Despite this documentation though, you will regularly hear today that the Armenian Genocide is ‘controversial’. Another way of putting this is that the genocide is ‘controversial in Turkey’, as the vast majority of scholars and experts agree that the genocide took place as described above. The Turkish government and many other Turkish groups however deny the scale of the killings, say that they were unintended, and portray any killings that took place as a legitimate response to Armenian uprisings. They are instead called a ‘tragedy’, but put in the context of larger Turkish losses during the war. Journalists and academics have even been prosecuted for ‘insulting Turkishness‘ after saying that the killings were genocide,

The issue says a lot about just how loaded the term genocide is. For almost every instance of genocide committed in the 20th century there have been people arguing that it isn’t. This is partially because the UN Convention on Genocide is so clear about the responsibility countries bear to stop it taking place. The US and other powers resisted naming the Rwandan Genocide for far too long, because acknowledging that what was happening was more than a massacre would force them to take action. The official description of genocide as: “to destroy, in whole or in part, a national, ethnic, racial or religious group” has become something for lawyers to poke holes in, rather than a way to recognise that the worst crime imaginable is taking place.

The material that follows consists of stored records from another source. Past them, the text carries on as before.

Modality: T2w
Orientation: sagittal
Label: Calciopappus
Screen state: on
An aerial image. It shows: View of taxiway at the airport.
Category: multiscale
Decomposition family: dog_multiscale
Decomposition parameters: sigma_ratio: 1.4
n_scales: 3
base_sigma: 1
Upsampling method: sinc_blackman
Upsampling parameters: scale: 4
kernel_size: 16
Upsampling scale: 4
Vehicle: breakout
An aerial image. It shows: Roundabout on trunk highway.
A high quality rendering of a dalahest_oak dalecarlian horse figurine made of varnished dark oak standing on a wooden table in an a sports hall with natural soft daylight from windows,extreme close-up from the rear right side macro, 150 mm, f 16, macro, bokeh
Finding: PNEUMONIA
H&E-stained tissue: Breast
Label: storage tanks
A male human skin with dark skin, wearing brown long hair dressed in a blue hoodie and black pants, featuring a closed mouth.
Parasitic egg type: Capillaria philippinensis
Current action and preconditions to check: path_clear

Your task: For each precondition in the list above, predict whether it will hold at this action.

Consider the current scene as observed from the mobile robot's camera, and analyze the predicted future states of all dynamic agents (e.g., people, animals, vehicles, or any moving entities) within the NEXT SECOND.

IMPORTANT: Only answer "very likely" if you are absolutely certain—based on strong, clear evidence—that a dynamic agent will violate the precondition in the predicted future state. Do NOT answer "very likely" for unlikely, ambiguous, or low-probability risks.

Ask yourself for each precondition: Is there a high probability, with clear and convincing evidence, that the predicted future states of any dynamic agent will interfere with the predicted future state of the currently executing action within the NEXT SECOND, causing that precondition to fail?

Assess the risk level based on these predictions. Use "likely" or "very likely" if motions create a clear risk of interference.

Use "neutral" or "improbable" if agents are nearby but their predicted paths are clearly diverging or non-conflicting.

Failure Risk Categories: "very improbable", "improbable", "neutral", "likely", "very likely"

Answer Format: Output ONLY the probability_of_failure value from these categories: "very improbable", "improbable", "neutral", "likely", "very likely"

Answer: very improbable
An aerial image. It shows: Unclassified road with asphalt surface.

This is a danger that the Pope points towards. He said yesterday that “Concealing or denying evil is like allowing a wound to keep bleeding without bandaging it.” We can all argue semantics to preserve our pride and self-image, or excuse ourselves from taking action, but this does nothing to confront the evil of others, or the evil buried in our nation’s past. Only by facing up to this evil can we stop the bleeding wounds of the past.